There is no standalone shortfall package. The deficit derivation lives in the engine: occ computes each Need’s residual deficit vector (ADR-0027: a resource vector, not a pod count), Phase 1 surfaces it as UnsatisfiedNeed.Deficit, Phase 2 carries what preemption couldn’t fix into Phase2Result.Unresolved. The buffer — the aging ledger bounded to 100 per shard, with the paper-§9 age→escalate logic — lives in pkg/shard (report.go), fed by recordShortfalls(p2.Unresolved) (shard.go:958-962). The engine derives the number; the shard remembers it across cycles and reports the top-100 to the coordinator. Keeping the ledger out of pkg/decision keeps the phases pure (no per-cluster trust/age state) and the engine free of any cross-cycle memory beyond the inventory snapshot itself.

References

  • Papers: bigfleet.md §8 (the three phases, victim score, drain grace, release order), §16 (fixed cost formula, two penalties, priority is the sole throttle).

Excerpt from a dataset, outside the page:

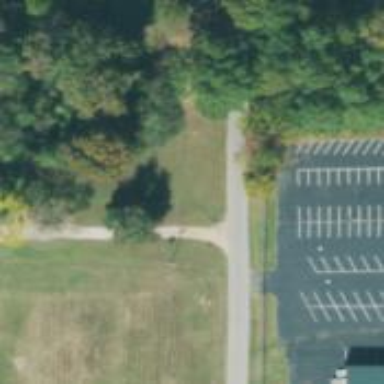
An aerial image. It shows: Driveway.

  • ADRs: 0009 (eviction + async drain), 0027 (resource-vector demand), 0029 (Phase 1 OCC), 0036 (first-rollup gate), 0040/0041/0042/0051 (Same-domain attribution), 0045 (single attribution / shrinkage-only reclaim), 0046 (actuation rails), 0049 (idle-release hold window).
  • Code: pkg/decision/{cost,match,normalize,action,phase1_assign,phase2_inversions,phase3_reclaim,release}.go, pkg/decision/occ/{cycle,seed,types}.go, pkg/machine/machine.go (EffectiveCost), pkg/shard/{shard,safety,report}.go.